After some respectable period of time has passed, P is welcome to re-marry. However, it goes without saying that she will probably be a slut who will never measure up to my legacy. Ha ha! Just kidding! Maybe.
And finally, someone please tell my baby girl that I love her "big much," just like she always says to me. And that goes for my friends (two-legged and four-legged) and family, too. I don't feel the need to wax poetic about that because, if I have done things the right way during my earthly days, they already know.
Tuesday, June 17, 2008
I've suggested to P that he take the kid somewhere on Saturday because I'm pretty sure she is going to have a meltdown when she sees her gear in the driveway.
If you know anyone in my neck of the woods who has a baby girl or who is thinking of producing one, send them my way on Saturday! Email me if you need the address.
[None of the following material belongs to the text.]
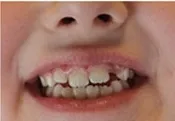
Sister S1 (J) Mild dental malformations.
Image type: medical_photograph (oral_photograph)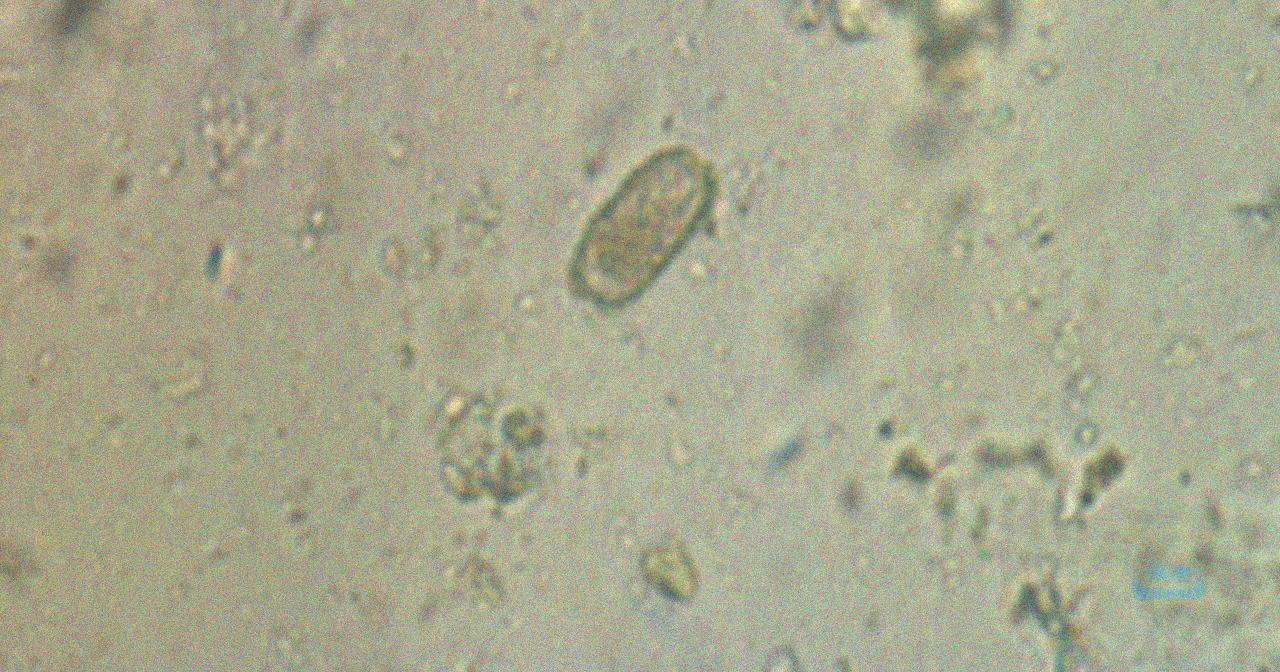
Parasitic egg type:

In other news, A started at a new daycare this week. We moved her to a Kindercare. She has been in an in-home daycare since she was a baby, but we thought it was time for a change. We loved her former daycare provider, but we were having trouble finding coverage for days when the daycare was closed for vacations and special events and such. Plus, she is pregnant and it was going to be tough to find coverage for a solid month in the fall. And the final kicker - the old daycare was 20 minutes away and with gas prices being what they are, we decided that closer = better.
One benefit to having an uber-outgoing kid is that she is not afraid of new social situations. She barreled right into her new class and started playing. I do like the fact that the new facility offers some academic programs, like math and phonics. I don't want her sitting behind a desk all day, of course, but I'm glad that she will be doing some book learnin' along the way.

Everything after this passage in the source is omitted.